◆ About this task: What you return should be the lines from the one with "Post-contrast T1-weighted (T1c)" through the one with "Answer: 04:40:44" in the data below, reproduced exactly with both ends, and no pictures at all.

◆ Recorded data:

# # # # # # #

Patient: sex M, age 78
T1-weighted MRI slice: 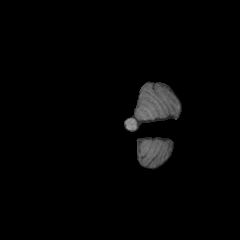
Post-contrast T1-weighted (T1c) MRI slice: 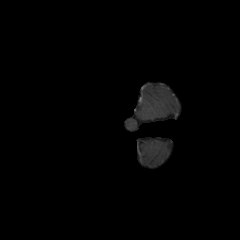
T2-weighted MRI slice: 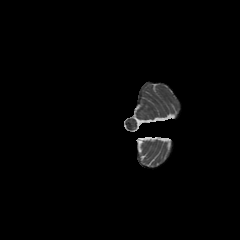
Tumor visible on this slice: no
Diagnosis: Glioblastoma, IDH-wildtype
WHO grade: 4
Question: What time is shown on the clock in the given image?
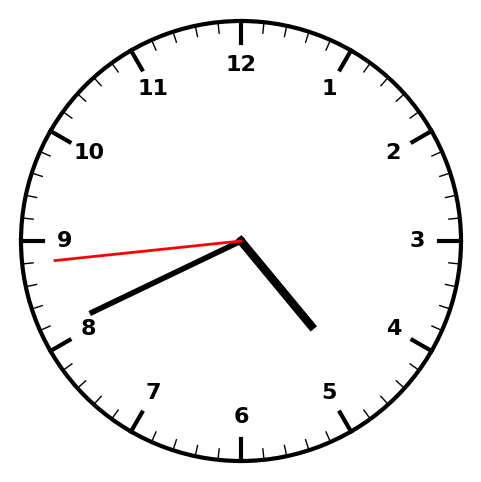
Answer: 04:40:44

# # # # # # #

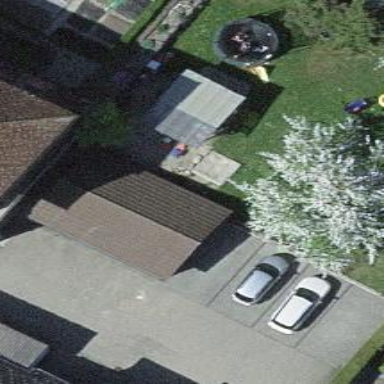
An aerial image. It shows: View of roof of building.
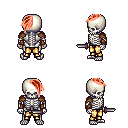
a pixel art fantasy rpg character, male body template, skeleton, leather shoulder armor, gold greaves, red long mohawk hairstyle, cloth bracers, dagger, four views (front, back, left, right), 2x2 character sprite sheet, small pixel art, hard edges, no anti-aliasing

# # # # # # #

◆ Answer:
Post-contrast T1-weighted (T1c) MRI slice: 
T2-weighted MRI slice: 
Tumor visible on this slice: no
Diagnosis: Glioblastoma, IDH-wildtype
WHO grade: 4
Question: What time is shown on the clock in the given image?
Answer: 04:40:44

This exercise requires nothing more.